The Sanctions Chess Move That Renamed the Goal
When Washington tightened export controls and ASML's EUV machines stopped flowing east, China's leading-edge chip ambitions ran into a single chokepoint: lithography. Without EUV, SMIC could not credibly chase TSMC's 3nm or 2nm node, and Huawei's Kirin and Ascend roadmaps were effectively pinned at a DUV-class 7nm process. The Tau Scaling Law, unveiled by Huawei semiconductor president He Tingbo at the IEEE ISCAS conference in Shanghai on May 25, 2026 [1], is the architectural reply — not an attempt to recover the chokepoint, but a move to make the chokepoint matter less.

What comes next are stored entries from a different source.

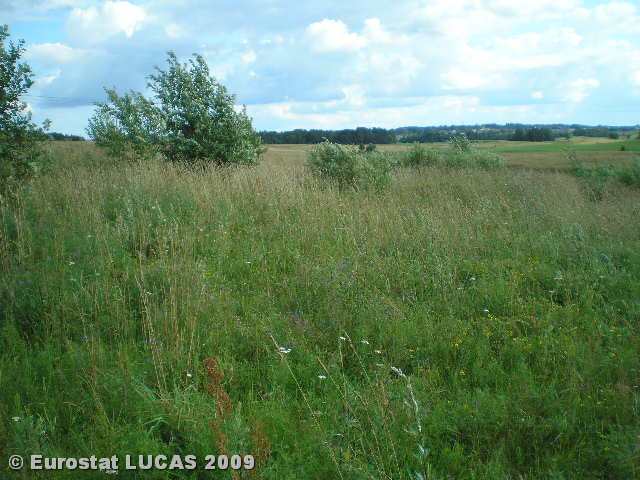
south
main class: Grassland
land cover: Spontaneously vegetated surfaces
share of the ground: > 75 %
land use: Fallow land
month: July
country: LT
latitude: 55.0189
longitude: 25.3399
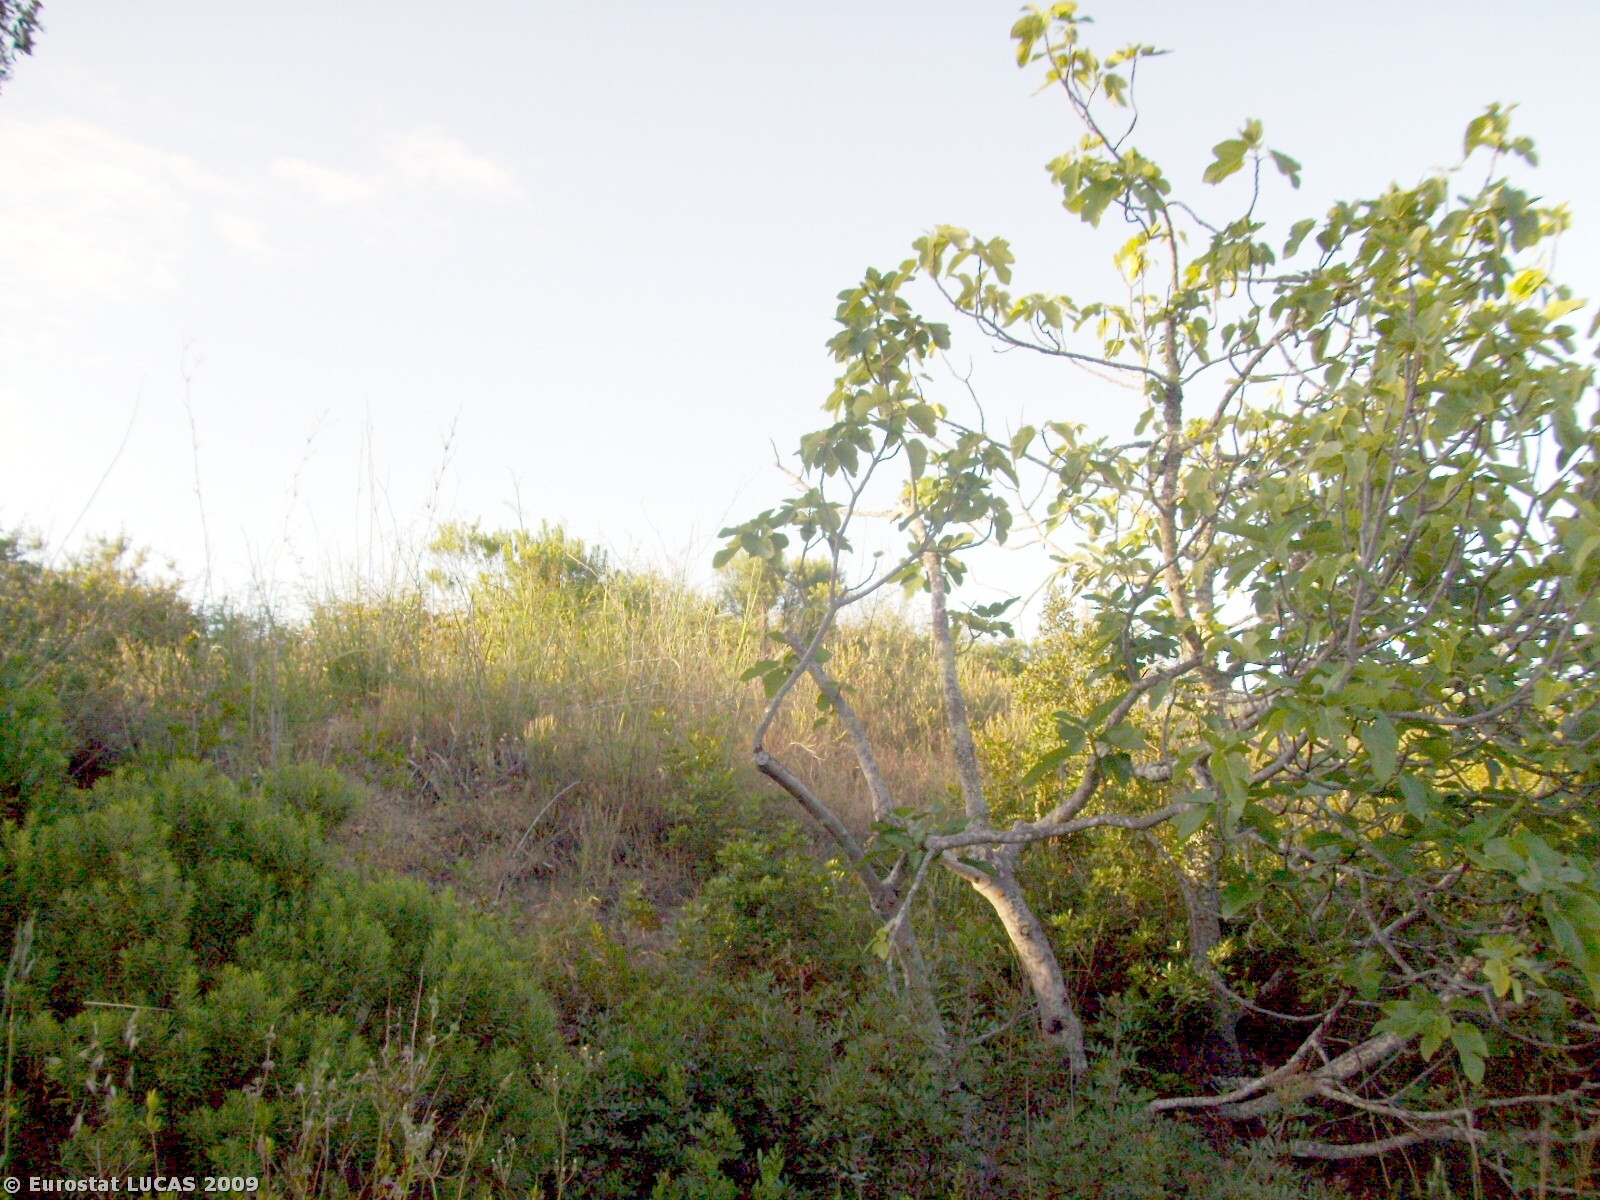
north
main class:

The rhetorical move is the entire trick. Moore's Law was always a statement about feature size: every two years, you fit twice as many transistors in the same area. Tau, written as τ, is a time constant — the RC delay along which a signal actually propagates across silicon. By declaring that semiconductor progress should be measured in picosecond reductions of τ rather than nanometer reductions of pitch, Huawei is rewriting which competition it is in. On lithography, it loses; on signal-delay engineering across devices, circuits, chips, and systems, it claims to lead.

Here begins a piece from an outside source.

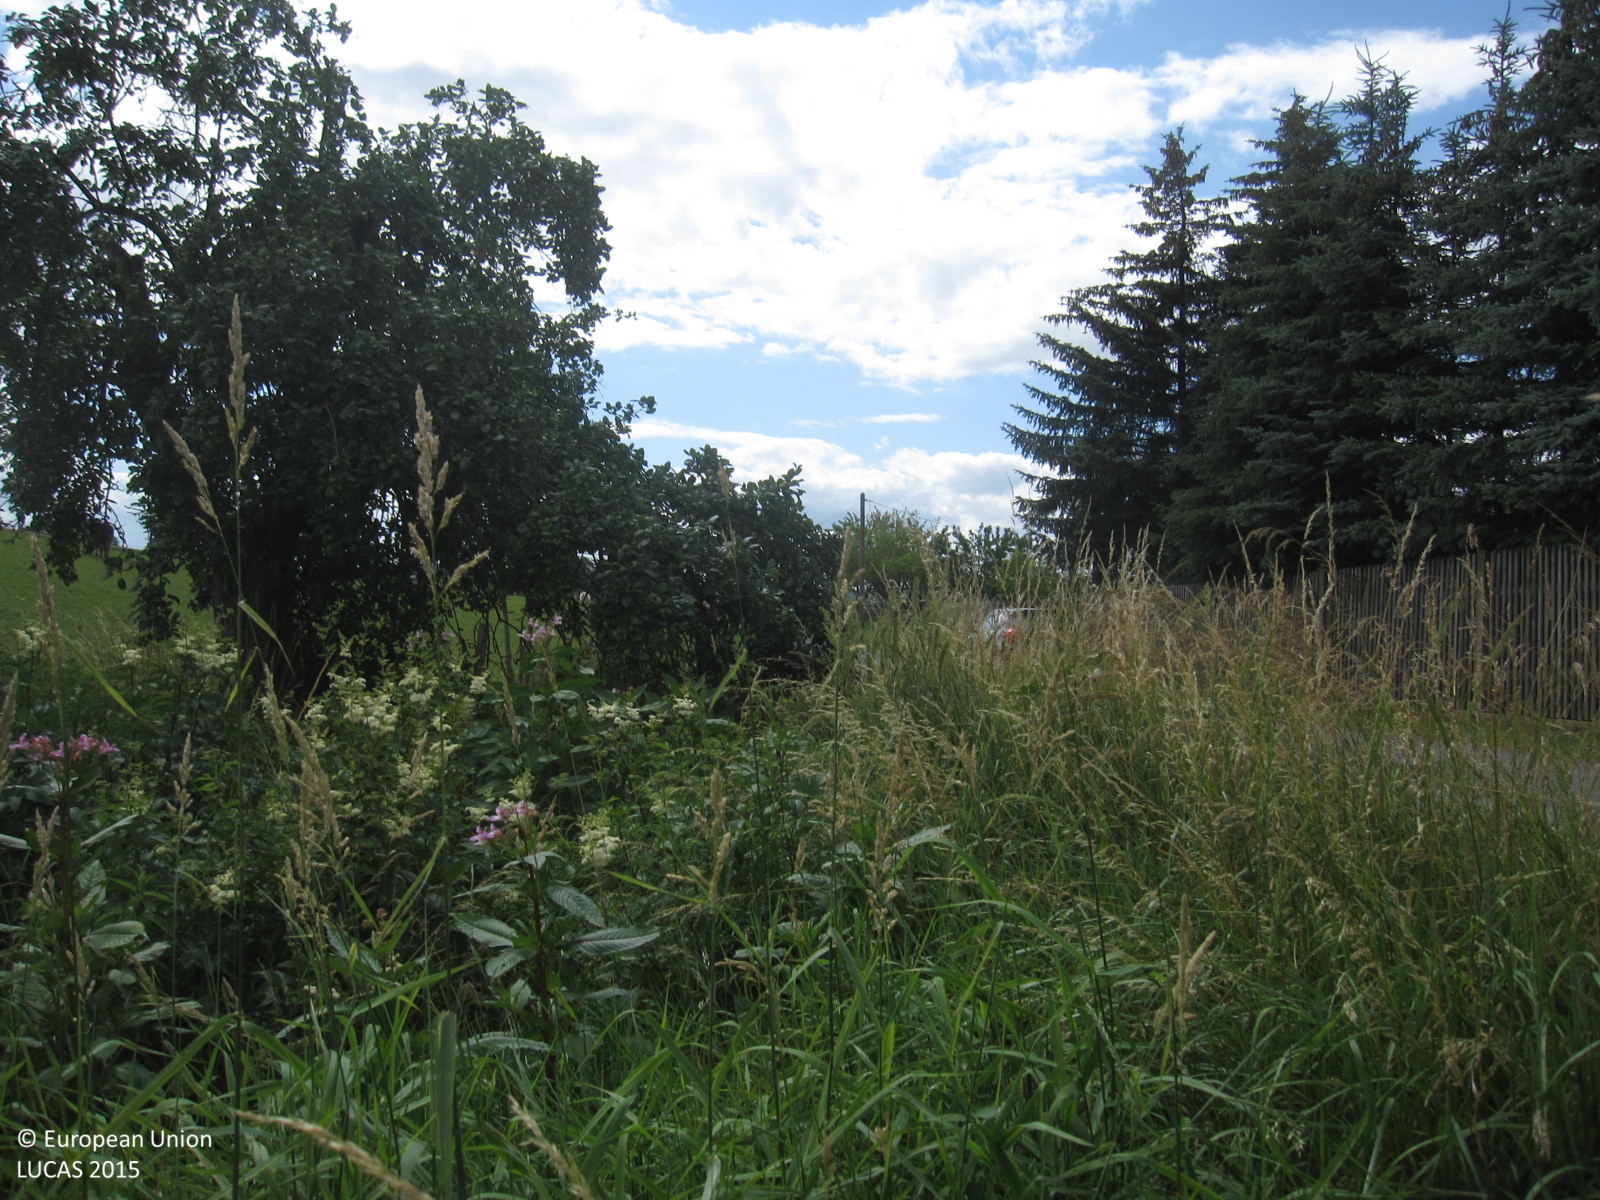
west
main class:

Markets and Chinese sell-side research read this signal accordingly. Bernstein called the announcement another DeepSeek-style milestone for China's tech stack [2], and CITIC Securities framed Tau as a methodology shift from chasing process linewidth to using system topology optimization to bridge short-term process gaps [2]. SCMP framed the keynote as Huawei's path to 14 Å-equivalent density by 2031 [3]. The story China is telling itself is no longer that it will catch ASML — it is that ASML is now solving the wrong problem.